Saturday, November 18, 2006

Just Hide it Under the Bed

Random Thought: every time I start a blog post, I type "So," and then I go back and delete it, because if I didn't, every single one of my posts would begin "So," as if this were all some sort of endless conversation.

So, this morning, I got up at 7:30 and planted 100 bulbs in the yard. My lovely sister got me tulips, allium and hyacinths for my birthday and I've been putting off planting them for so long that I was afraid totally laziness would take over and they would all die. I kept telling myself, "You live in North Carolina. It's not too late until the last week of November," but this morning I got a bee in my bonnet and just got it done. I felt very accomplished at 8:30. By 11, we'd cooked breakfast and cleaned the house. Woo! All our tasks were done for today! Then we wondered what the hell to do with ourselves and ended up watching a fair portion of the new Sopranos box set.
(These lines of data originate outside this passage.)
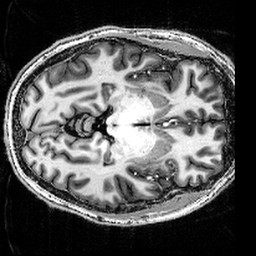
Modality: T1w
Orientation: axial
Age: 26
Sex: female
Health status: healthy
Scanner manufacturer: siemens
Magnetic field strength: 9.4 T
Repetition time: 6 s
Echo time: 0.0023 s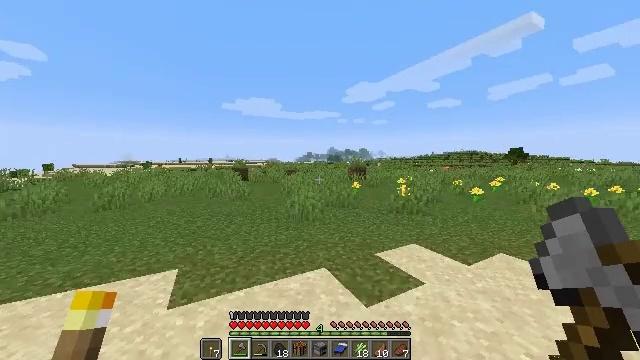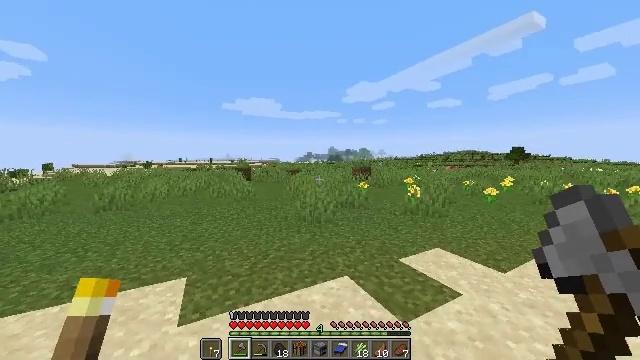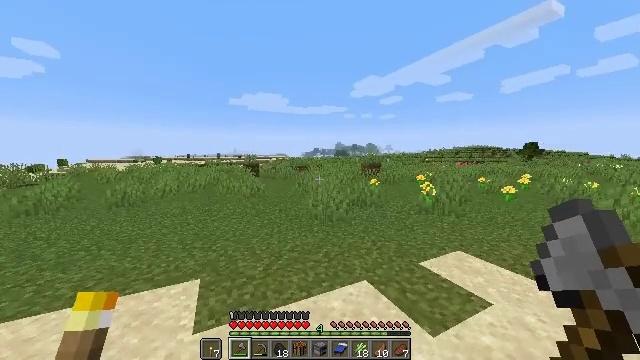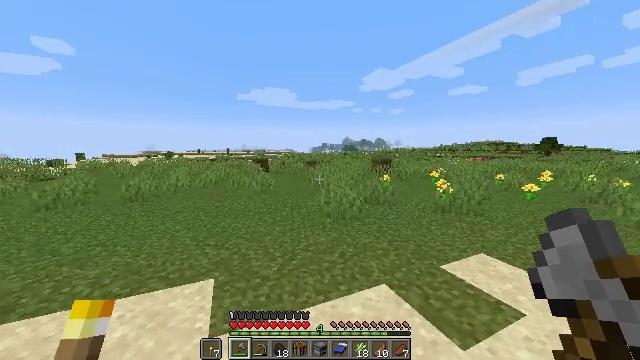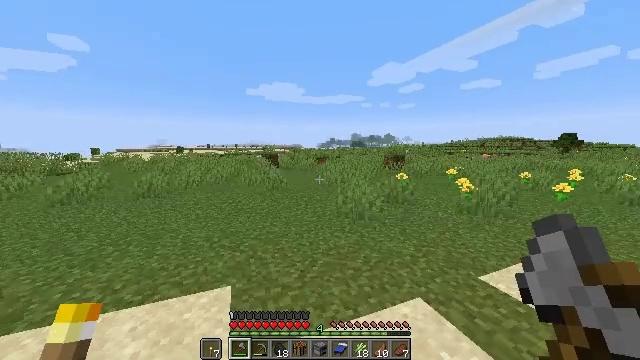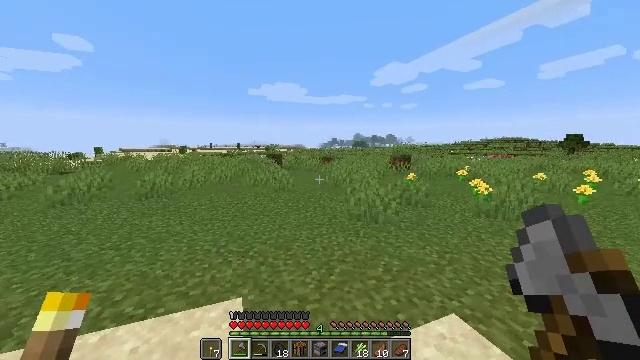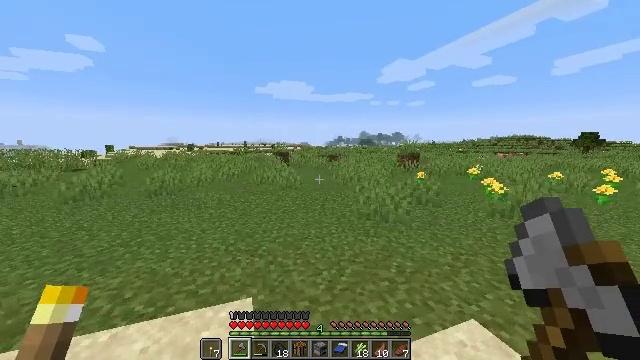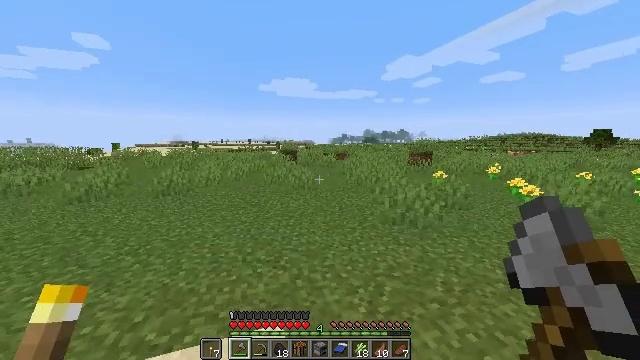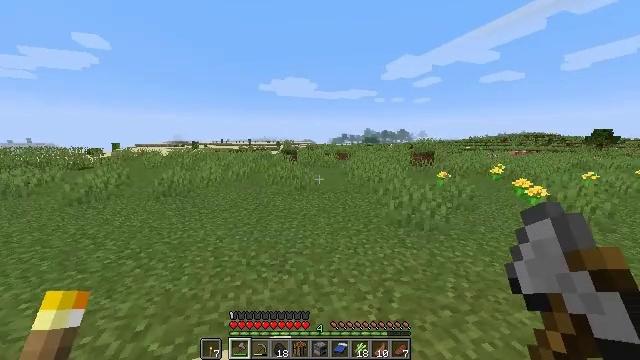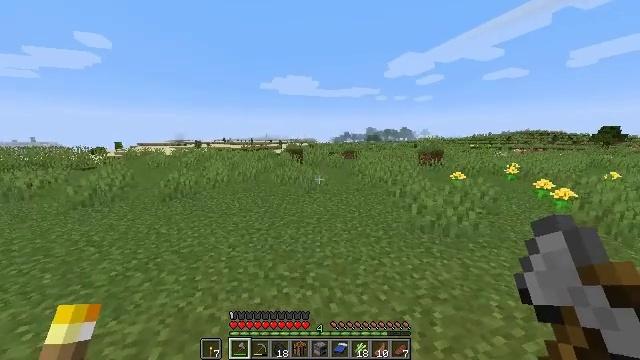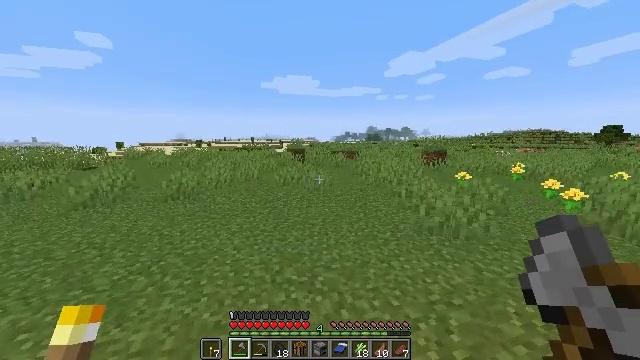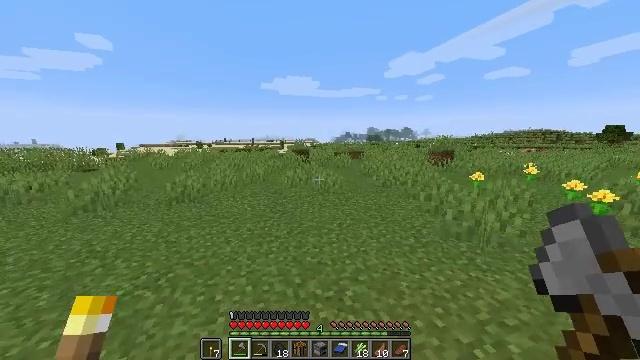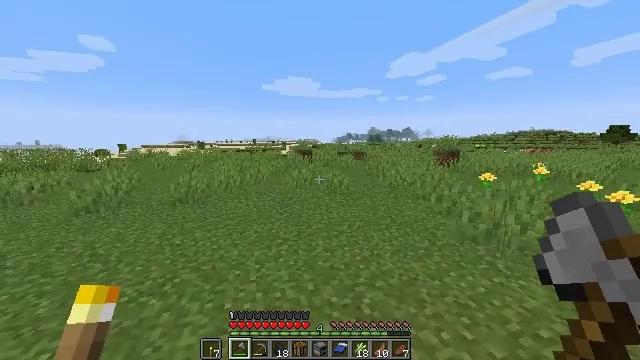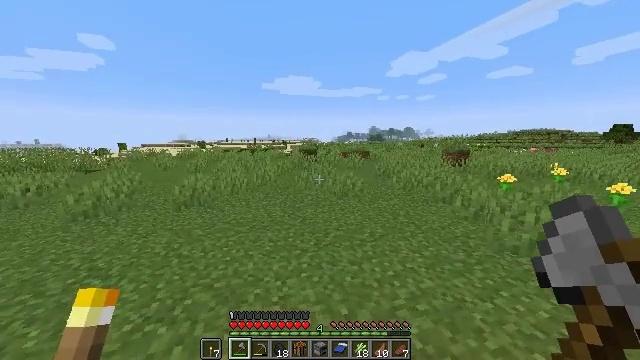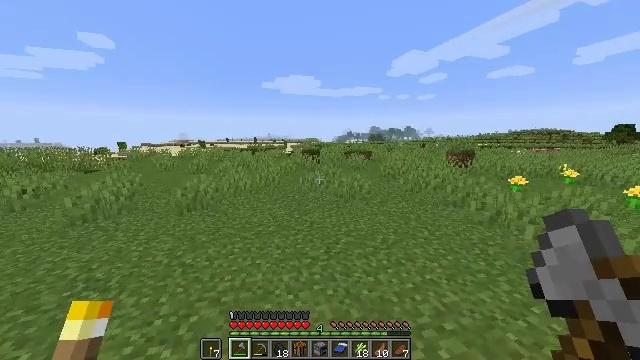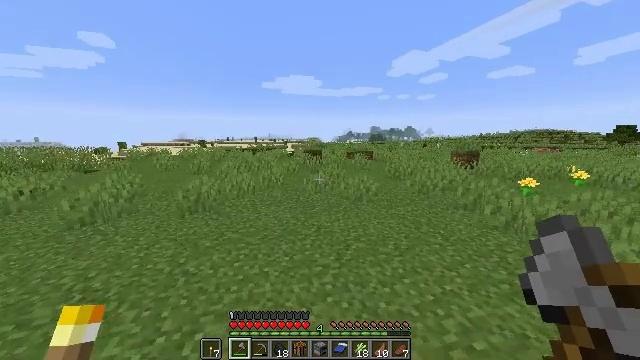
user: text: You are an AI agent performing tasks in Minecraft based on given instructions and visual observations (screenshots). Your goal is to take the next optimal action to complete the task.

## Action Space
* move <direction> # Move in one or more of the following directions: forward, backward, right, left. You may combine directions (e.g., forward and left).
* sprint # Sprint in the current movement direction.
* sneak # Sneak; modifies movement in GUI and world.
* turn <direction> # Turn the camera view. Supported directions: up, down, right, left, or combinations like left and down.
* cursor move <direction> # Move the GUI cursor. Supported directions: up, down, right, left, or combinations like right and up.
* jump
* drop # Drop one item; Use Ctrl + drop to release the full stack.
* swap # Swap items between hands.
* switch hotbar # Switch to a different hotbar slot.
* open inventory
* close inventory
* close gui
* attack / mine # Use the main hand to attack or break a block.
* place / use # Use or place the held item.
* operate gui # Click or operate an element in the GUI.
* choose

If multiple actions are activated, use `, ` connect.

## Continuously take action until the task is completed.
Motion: motion action
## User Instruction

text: Remove blue terracotta to use elsewhere.
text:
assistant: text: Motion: move forward and move left, sprint
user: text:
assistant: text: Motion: move forward and move left, sprint, turn left and down
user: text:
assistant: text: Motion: move forward and move left, turn left and down
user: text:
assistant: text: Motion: move forward and move left, turn left and down
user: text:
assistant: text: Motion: move forward and move left
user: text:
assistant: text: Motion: move forward and move left, turn left
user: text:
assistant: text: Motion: move forward and move left
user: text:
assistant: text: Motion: move forward and move left
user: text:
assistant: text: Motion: move forward and move left
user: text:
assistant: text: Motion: move forward and move left
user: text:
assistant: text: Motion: move forward and move left
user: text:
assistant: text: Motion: move forward and move left
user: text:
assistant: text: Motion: move forward and move left
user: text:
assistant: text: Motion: move forward and move left
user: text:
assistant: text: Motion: move forward and move left
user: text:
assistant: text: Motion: move forward and move left
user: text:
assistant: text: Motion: move forward and move left
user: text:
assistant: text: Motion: move forward and move left
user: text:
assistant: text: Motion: move forward and move left, turn left
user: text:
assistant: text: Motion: move forward and move left, turn left
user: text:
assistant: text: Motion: move forward and move left, turn left
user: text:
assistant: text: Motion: move forward and move left, turn left
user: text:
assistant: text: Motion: move forward
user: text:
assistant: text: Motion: move forward
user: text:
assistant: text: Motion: move forward
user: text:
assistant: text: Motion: move forward, turn left
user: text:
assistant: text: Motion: move forward, turn left
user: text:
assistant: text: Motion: move forward, sprint, turn left
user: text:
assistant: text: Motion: move forward, sprint, turn left
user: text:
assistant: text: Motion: move forward, sprint, turn left

Because we don't have cable (I'm not opposed to TV, I just know that if we had it, I would never read, blog, crochet, garden or grade any of my students' work) we see most of our tv shows after they've been released to box set. We hadn't seen the Sopranos in over a year, because the makers of the Sopranos box sets hate me and want me to die. Starting up the first disc, I felt like when your high school friends visit: you're excited, but nervous that you won't have anything in common anymore.

I've pretty much cried my way through every episode so far: the sixth season has started off very heavy. I'm worried, because this is how I stopped watching Six Feet Under, the greatest show ever. By the end of the third season, I was growing noticably depressed, like, time to go back on Paxil depressed. At the end of every episode, I'd stand out on my front porch and look at the sky and wonder why the world is such a horrible, horrible place. Tres dramatic, I know. Sometimes, I have to ask myself why I want to watch beautifully written and portrayed scenes of horror and anguish.
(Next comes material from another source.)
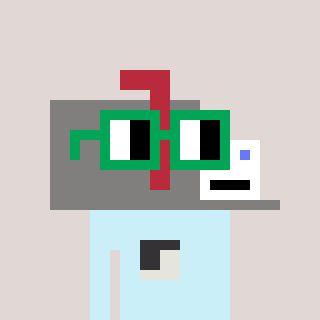
a pixel art character with square green glasses, a mailbox-shaped head and a cold-colored body on a warm background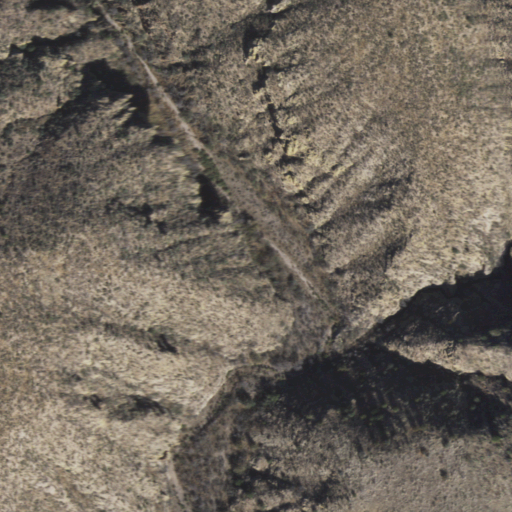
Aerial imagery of valley in Arizona named Windy Canyon containing only shrub

I think maybe TV gets too intense for me because I can't put it down. When I'm reading and I reach something that is just too tense, too loaded, too, too, too, I take the book and stick it under the bed until I feel better. How sad to admit that. But you can't hide your TV shows under the bed. Especially not when someone is watching them with you.

4 comments:

ashley said...

I feel the exact same way about Six Feet Under. It's brilliant, but, like, I could not handle it mentally or emotionally.

This post makes me think of that Friends episode where Joey puts Misery in the freezer because it's too scary.

Anonymous said...

I am almost to the end of Greys Anatomy (Season 2 ... again) and already I feel depressed

Damn TV.

Love your blog, btw.

Anonymous said...

Love your blog. I wandered over here via the NaBloPoMo Randomizer. Best of luck with your thirty days of posting!

Gina said...

For almost the entire history of my blog, I began every post with "So."

I did it on purpose, but I'm not sure why. I stopped a few months ago, and not one person noticed.